Downscaling in the Decade Ahead

Massimo Alioto

ECE - National University of Singapore




The historical 100X/decade energy down-scaling is currently being threatened by the end of Moore’s law, and the limited prospective energy gains from approaches that have been already exploited extensively (e.g., heterogeneous systems, ultra-low voltage, parallelism). Major shifts from traditional sensing/processing paradigms are now mandatory, and new design dimensions and tradeoffs that enable further energy reductions need to be explored.

In this talk, energy-quality (EQ) scalable circuits and systems are introduced as a viable direction to continue the historical exponential energy down-scaling. EQ-scalable systems dynamically and explicitly trade off energy and quality from sensor to circuit, architecture, algorithm, and up to system level. Recent and novel approaches are discussed to minimize the energy at run time, based on the actual quality target that is set by the specific task, the context, and the specific dataset at hand. In this talk, quality is treated as an explicit knob, eliminating the quality slack that is traditionally imposed by worst-case design across different applications, contexts, datasets, and the pessimistic design margin to counteract process/voltage/temperature variations. Interesting convergence with machine learning and other important applications is discussed to provide an insight into the inter-dependence of algorithms, architectures and circuits. Several silicon demonstrations are illustrated to quantify the benefits offered by energy-quality scaling, and to identify the challenges that need to be solved to fulfill its potential.
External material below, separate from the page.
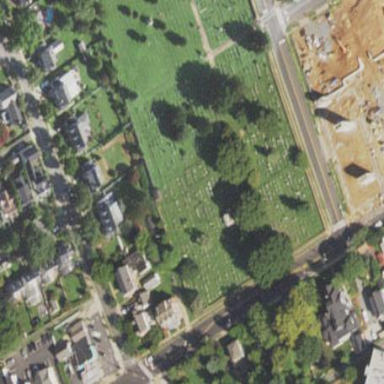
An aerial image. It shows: Cemetery.

Massimo Alioto is Associate Professor at the ECE Department of the National University of Singapore, where he leads the Green IC group and the Integrated Circuits and Embedded Systems area. Previously, he held positions at the University of Siena, Intel Labs – CRL (2013), University of Michigan - Ann Arbor (2011-2012), University of California – Berkeley (2009-2011), EPFL - Lausanne.

He is (co)author of 250+ publications on journals and conference proceedings, and three books with Springer. His primary research interests include ultra-low power VLSI circuits and systems, self-powered systems, near-threshold circuits for green computing, widely energy-scalable integrated systems, hardware security, and circuit techniques for emerging technologies.
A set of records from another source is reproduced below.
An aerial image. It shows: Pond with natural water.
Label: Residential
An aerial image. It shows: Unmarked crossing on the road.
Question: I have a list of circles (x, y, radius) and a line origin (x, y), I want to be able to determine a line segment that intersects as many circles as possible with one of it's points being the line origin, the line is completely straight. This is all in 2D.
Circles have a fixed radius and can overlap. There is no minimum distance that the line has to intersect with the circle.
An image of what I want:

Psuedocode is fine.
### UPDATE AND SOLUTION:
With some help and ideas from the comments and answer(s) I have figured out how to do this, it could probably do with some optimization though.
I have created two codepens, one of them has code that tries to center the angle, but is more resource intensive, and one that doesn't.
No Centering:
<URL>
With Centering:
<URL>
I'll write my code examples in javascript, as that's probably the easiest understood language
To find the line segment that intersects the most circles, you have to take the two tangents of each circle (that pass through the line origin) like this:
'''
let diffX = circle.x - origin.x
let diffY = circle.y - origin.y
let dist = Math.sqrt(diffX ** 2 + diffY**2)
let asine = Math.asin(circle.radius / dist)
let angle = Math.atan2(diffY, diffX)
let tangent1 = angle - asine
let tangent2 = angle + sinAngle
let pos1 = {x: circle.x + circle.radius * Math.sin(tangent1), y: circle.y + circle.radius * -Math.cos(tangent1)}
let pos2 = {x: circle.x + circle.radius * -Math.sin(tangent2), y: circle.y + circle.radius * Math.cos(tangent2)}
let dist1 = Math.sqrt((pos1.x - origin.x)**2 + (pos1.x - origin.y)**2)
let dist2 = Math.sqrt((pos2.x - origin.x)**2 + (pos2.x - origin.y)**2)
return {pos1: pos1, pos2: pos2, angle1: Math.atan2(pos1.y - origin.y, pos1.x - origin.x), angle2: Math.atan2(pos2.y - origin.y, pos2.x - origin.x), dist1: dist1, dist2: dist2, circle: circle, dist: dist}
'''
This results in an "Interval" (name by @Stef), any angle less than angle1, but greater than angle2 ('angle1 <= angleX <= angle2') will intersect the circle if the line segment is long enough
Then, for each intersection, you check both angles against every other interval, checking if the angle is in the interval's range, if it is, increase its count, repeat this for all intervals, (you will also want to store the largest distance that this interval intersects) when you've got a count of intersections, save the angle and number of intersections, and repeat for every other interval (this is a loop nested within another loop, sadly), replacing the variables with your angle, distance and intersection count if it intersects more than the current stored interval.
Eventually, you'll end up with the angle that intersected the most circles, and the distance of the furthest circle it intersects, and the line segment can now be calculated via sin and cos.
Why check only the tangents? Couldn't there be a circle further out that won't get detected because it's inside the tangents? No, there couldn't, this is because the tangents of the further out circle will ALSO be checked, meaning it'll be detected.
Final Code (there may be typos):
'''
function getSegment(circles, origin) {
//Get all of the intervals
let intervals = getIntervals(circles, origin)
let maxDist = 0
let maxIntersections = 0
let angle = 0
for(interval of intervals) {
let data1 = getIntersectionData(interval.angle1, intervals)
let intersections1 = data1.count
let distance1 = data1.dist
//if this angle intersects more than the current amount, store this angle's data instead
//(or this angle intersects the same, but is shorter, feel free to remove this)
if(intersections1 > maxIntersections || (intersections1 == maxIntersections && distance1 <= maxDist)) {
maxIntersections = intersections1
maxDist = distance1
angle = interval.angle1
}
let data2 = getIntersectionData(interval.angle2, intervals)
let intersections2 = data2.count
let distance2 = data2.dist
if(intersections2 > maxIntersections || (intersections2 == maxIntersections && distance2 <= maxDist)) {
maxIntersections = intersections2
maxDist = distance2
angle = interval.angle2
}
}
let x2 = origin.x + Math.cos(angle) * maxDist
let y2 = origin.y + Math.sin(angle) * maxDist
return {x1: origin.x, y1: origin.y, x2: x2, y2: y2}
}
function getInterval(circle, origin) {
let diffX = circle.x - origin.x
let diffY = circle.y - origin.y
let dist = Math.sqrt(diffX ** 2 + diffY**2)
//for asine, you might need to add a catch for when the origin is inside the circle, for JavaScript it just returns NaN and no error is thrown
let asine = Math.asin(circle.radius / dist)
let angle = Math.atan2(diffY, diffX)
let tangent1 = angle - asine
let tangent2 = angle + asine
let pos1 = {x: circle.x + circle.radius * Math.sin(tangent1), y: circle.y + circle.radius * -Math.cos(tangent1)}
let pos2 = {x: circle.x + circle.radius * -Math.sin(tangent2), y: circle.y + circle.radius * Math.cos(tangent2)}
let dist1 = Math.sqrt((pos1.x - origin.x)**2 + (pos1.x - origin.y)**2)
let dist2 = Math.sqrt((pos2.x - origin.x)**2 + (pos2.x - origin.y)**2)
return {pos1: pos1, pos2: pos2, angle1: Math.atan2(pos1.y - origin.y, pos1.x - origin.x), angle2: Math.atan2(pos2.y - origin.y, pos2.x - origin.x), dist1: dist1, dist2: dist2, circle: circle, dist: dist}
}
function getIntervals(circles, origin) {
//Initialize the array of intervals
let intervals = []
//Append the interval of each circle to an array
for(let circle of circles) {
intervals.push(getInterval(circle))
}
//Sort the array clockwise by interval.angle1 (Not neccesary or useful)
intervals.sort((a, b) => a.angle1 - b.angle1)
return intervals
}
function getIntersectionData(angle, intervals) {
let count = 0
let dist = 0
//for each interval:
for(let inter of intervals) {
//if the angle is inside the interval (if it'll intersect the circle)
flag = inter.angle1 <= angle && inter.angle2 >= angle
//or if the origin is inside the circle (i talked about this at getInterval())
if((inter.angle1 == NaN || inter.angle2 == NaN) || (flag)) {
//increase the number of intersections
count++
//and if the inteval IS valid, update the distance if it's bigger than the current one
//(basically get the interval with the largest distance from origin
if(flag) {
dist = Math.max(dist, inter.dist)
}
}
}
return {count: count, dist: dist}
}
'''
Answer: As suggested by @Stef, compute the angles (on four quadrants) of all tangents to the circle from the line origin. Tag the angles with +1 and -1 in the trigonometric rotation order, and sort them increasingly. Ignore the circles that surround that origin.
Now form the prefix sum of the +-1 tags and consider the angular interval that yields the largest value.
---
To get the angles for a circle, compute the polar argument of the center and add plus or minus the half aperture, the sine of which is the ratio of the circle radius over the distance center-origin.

He is the Editor in Chief of the IEEE Transactions on VLSI Systems (2019-2020), and Deputy Editor in Chief of the IEEE Journal on Emerging and Selected Topics in Circuits and Systems (2018). Prof. Alioto was the Chair of the “VLSI Systems and Applications” Technical Committee of the IEEE CASS (2010-2012), Distinguished Lecturer (2009-2010), and members of the Board of Governors (2015-2020). He served as Guest Editor of numerous journal special issues, Technical Program Chair of several IEEE conferences (ISCAS 2022, SOCC, PRIME, ICECS, VARI, NEWCAS, ICM), and TPC member (ISSCC, ASSCC). Prof. Alioto is an IEEE Fellow.